* _Problem details_:
Each entry below must be repeated exactly. Leave the pictures out of it.

Collected data entries
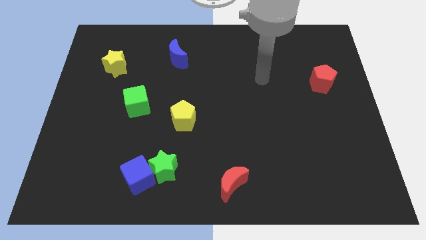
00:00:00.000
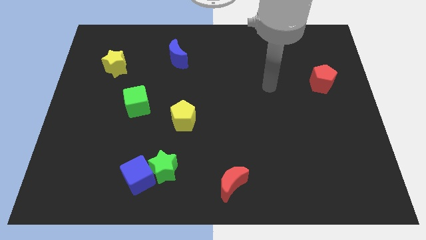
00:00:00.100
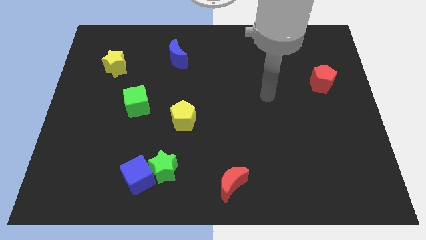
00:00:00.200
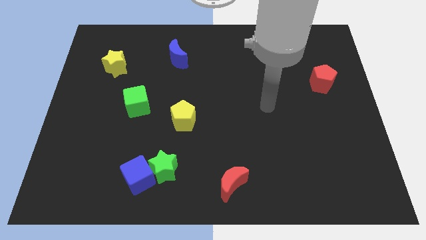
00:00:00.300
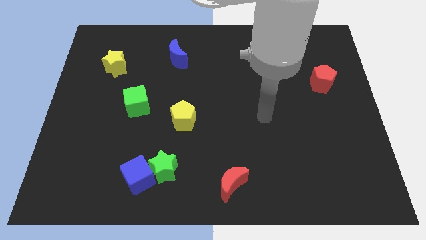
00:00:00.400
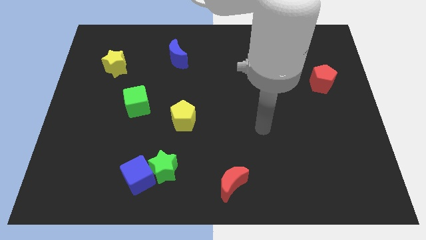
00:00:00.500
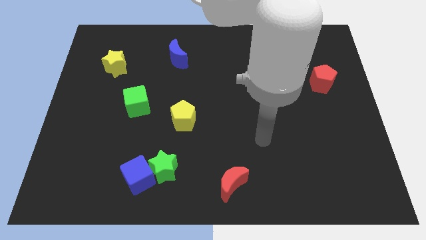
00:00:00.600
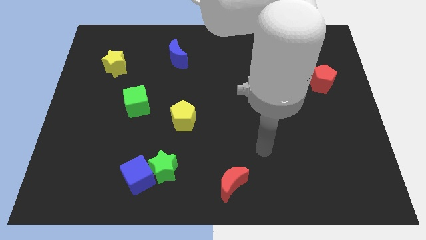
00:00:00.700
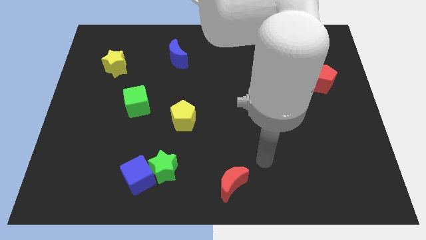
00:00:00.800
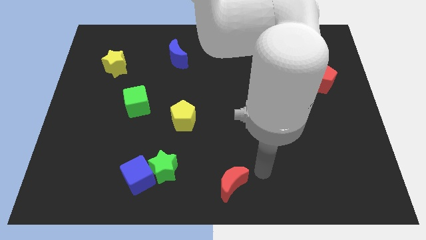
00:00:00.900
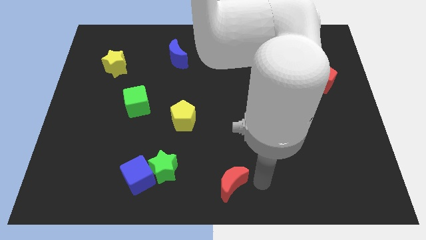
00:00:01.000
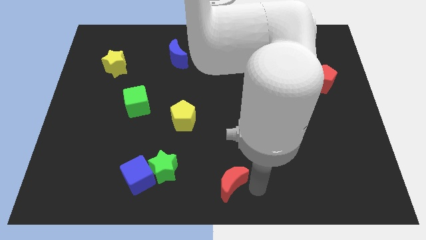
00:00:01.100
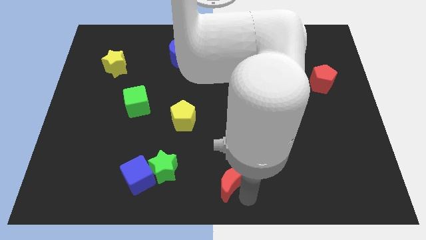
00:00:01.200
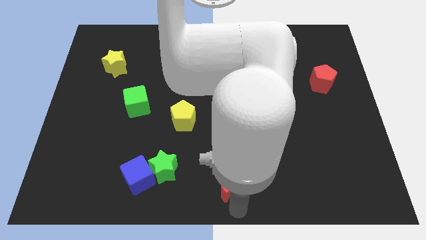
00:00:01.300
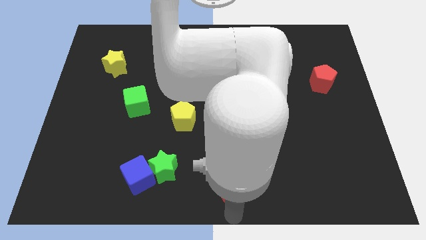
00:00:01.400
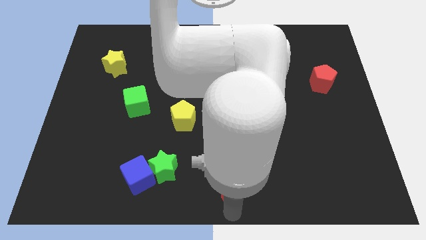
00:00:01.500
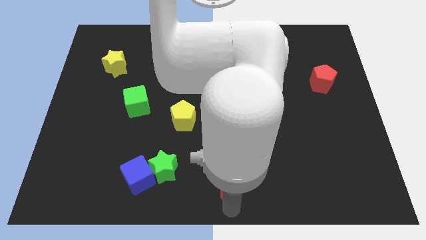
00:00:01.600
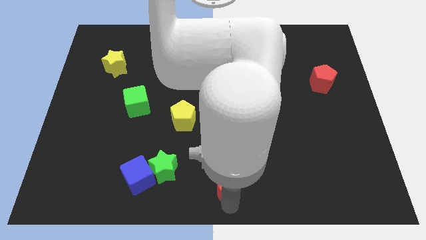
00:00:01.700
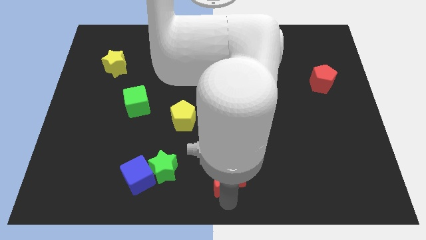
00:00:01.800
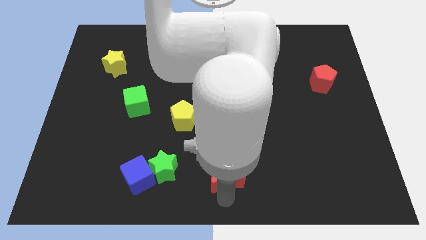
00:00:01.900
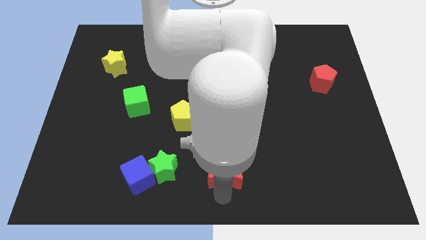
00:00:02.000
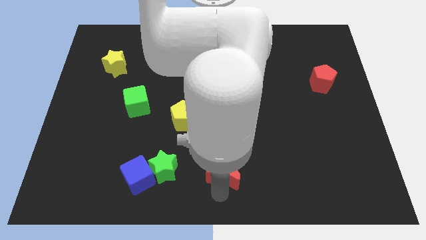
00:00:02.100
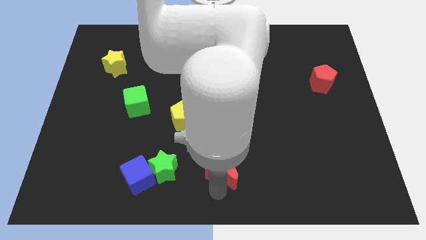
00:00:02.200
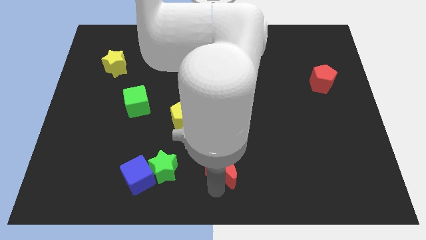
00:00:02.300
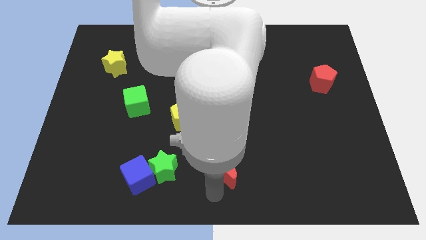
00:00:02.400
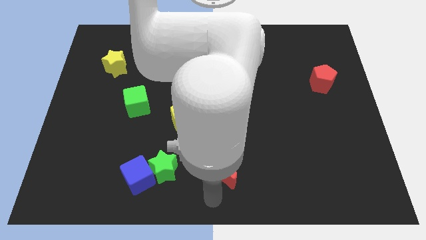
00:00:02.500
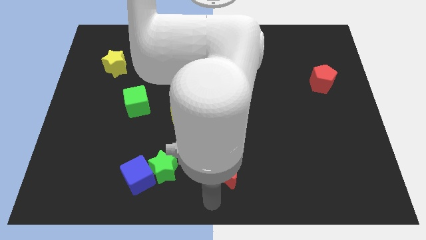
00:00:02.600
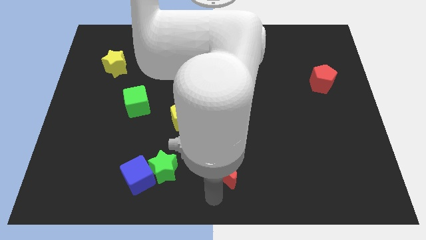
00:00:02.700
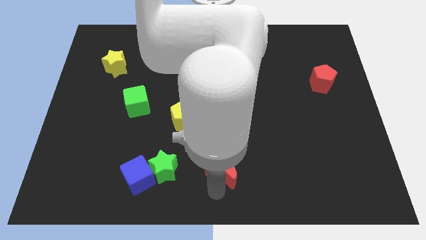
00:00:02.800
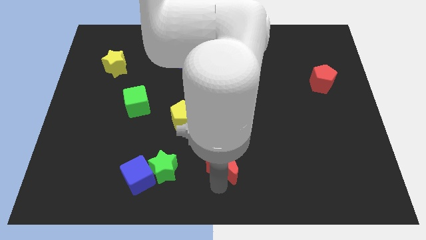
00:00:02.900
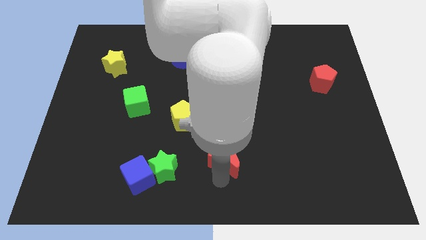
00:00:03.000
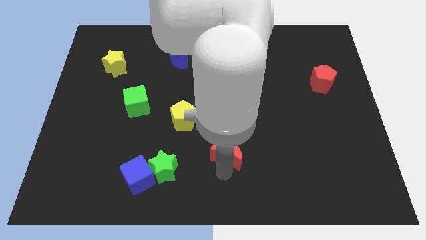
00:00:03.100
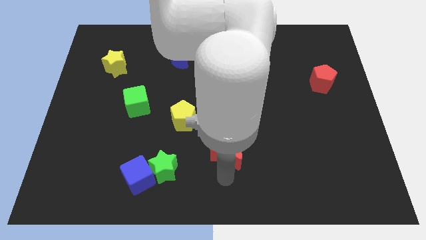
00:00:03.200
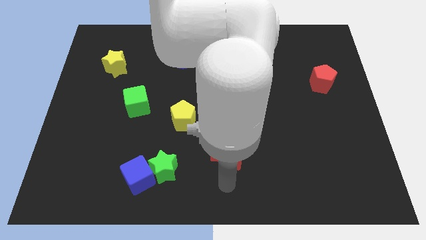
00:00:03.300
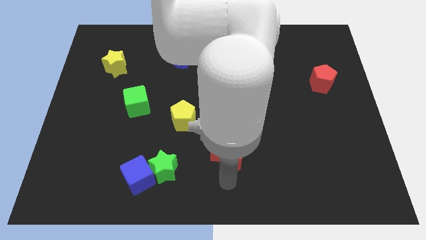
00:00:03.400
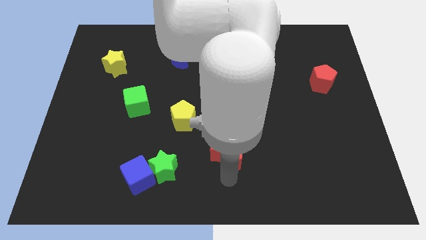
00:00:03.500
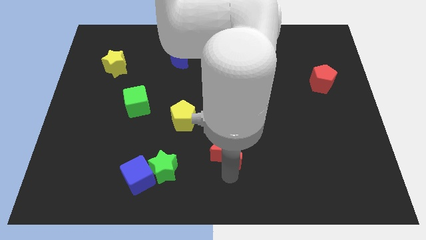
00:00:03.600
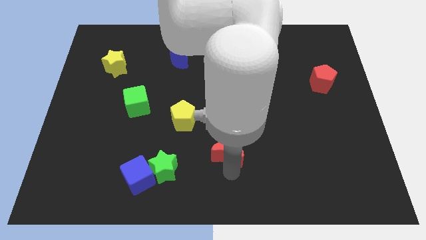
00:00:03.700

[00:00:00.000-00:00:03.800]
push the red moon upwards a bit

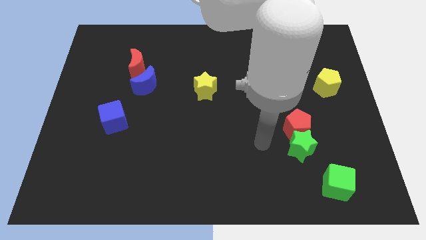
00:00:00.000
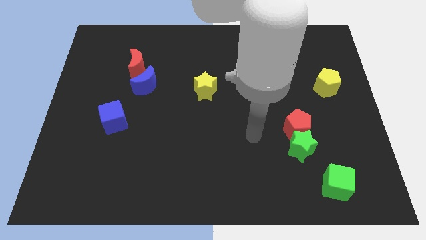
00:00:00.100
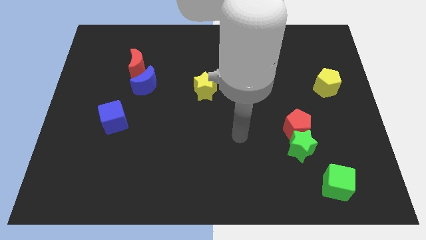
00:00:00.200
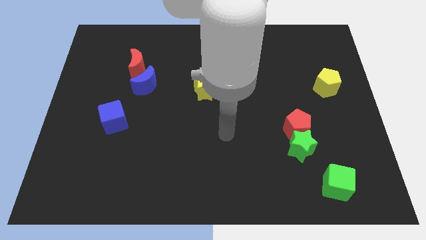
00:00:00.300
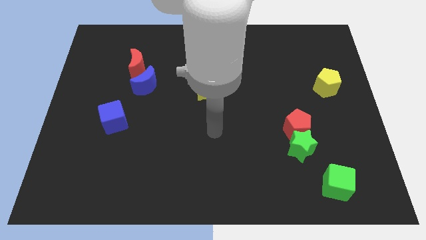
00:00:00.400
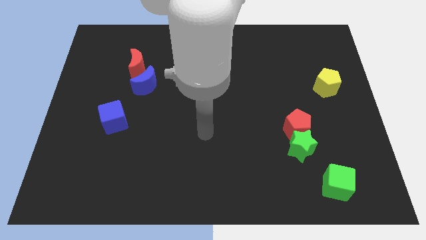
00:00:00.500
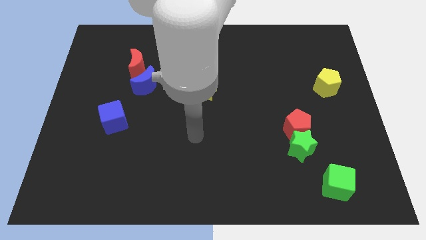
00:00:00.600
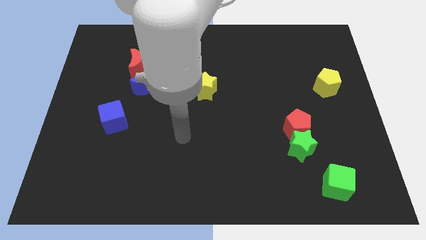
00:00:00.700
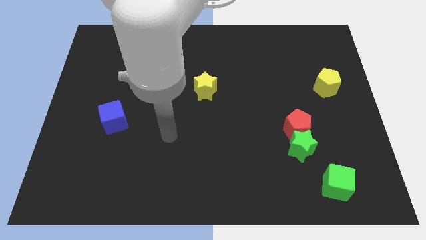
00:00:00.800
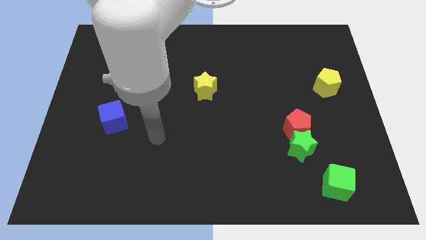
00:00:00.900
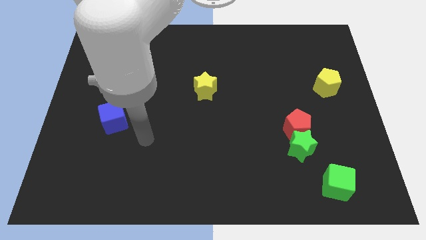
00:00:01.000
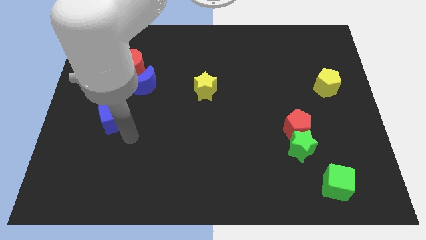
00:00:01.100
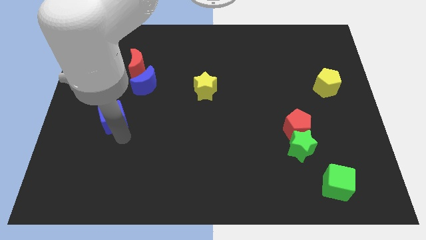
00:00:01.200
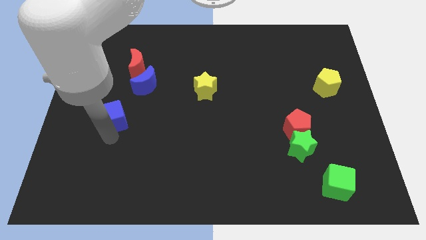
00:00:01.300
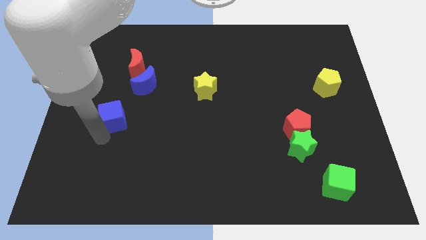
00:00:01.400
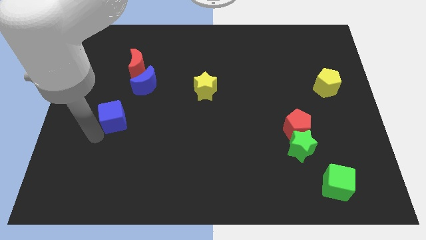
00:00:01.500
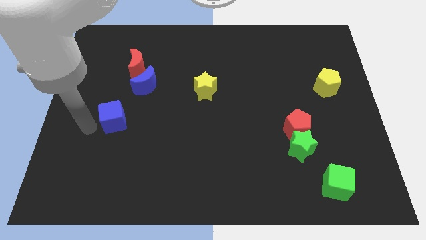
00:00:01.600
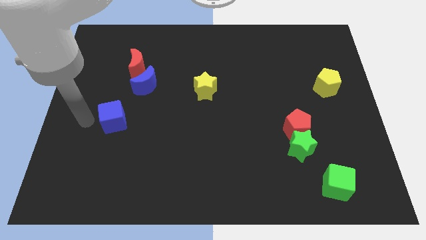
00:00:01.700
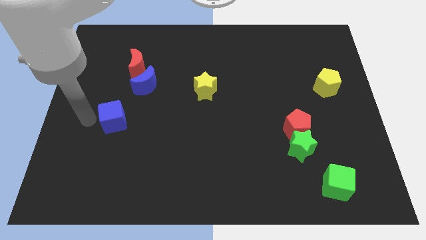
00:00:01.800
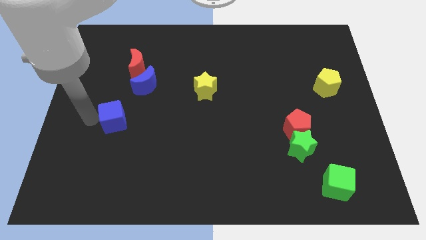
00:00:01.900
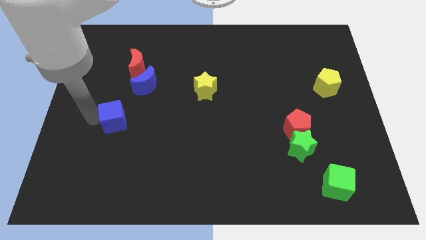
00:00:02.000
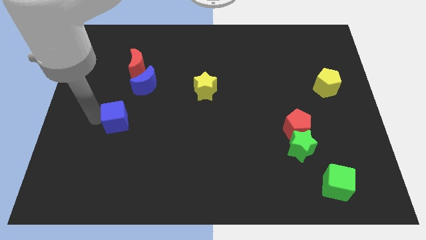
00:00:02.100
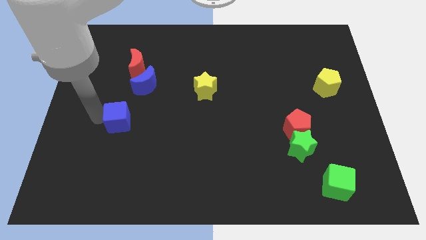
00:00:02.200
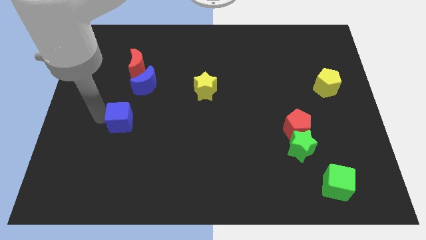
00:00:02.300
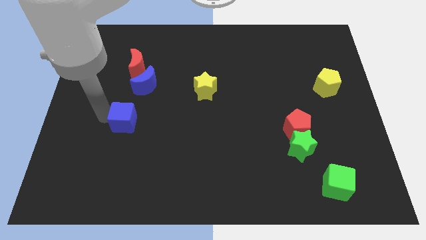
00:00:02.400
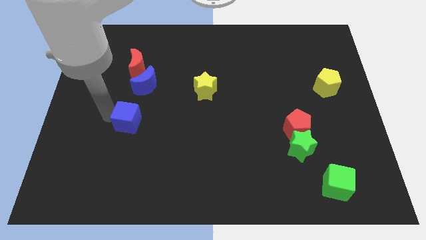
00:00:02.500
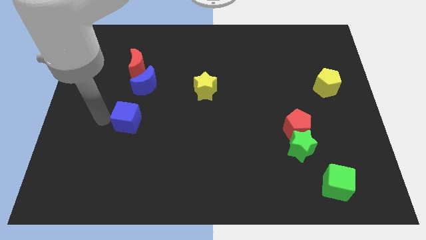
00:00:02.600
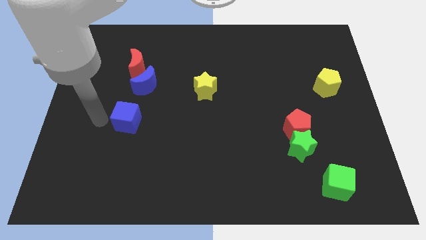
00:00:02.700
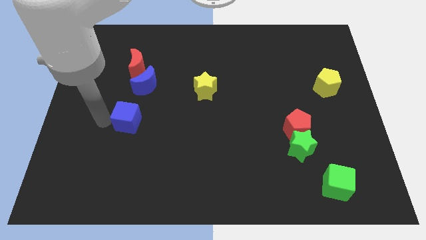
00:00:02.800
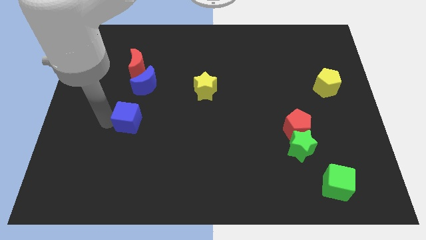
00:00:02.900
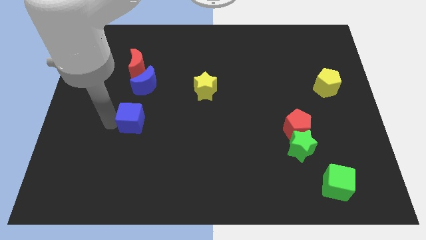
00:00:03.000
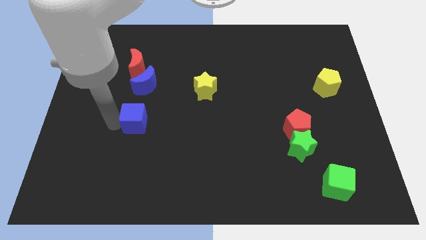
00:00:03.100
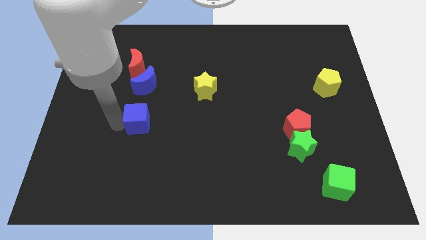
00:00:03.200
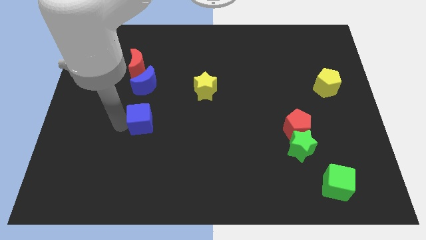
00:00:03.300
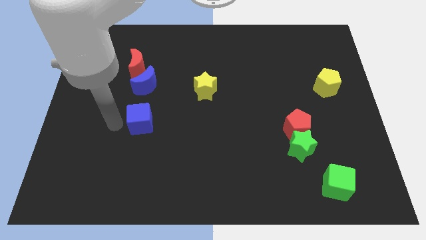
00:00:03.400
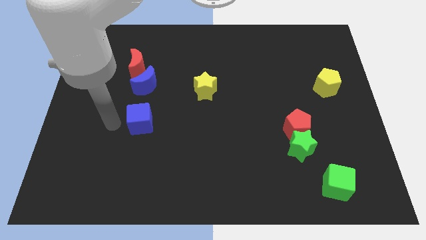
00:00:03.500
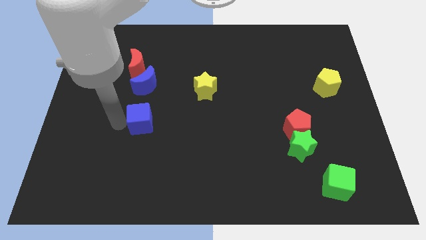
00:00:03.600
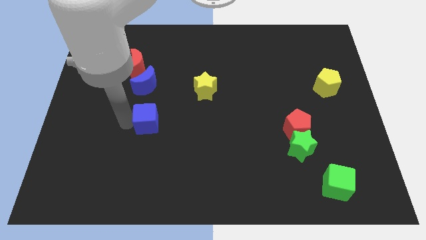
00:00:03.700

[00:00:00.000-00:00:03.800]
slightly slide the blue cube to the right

* _Exercise solution_:
00:00:00.000
00:00:00.100
00:00:00.200
00:00:00.300
00:00:00.400
00:00:00.500
00:00:00.600
00:00:00.700
00:00:00.800
00:00:00.900
00:00:01.000
00:00:01.100
00:00:01.200
00:00:01.300
00:00:01.400
00:00:01.500
00:00:01.600
00:00:01.700
00:00:01.800
00:00:01.900
00:00:02.000
00:00:02.100
00:00:02.200
00:00:02.300
00:00:02.400
00:00:02.500
00:00:02.600
00:00:02.700
00:00:02.800
00:00:02.900
00:00:03.000
00:00:03.100
00:00:03.200
00:00:03.300
00:00:03.400
00:00:03.500
00:00:03.600
00:00:03.700

[00:00:00.000-00:00:03.800]
push the red moon upwards a bit

00:00:00.000
00:00:00.100
00:00:00.200
00:00:00.300
00:00:00.400
00:00:00.500
00:00:00.600
00:00:00.700
00:00:00.800
00:00:00.900
00:00:01.000
00:00:01.100
00:00:01.200
00:00:01.300
00:00:01.400
00:00:01.500
00:00:01.600
00:00:01.700
00:00:01.800
00:00:01.900
00:00:02.000
00:00:02.100
00:00:02.200
00:00:02.300
00:00:02.400
00:00:02.500
00:00:02.600
00:00:02.700
00:00:02.800
00:00:02.900
00:00:03.000
00:00:03.100
00:00:03.200
00:00:03.300
00:00:03.400
00:00:03.500
00:00:03.600
00:00:03.700

[00:00:00.000-00:00:03.800]
slightly slide the blue cube to the right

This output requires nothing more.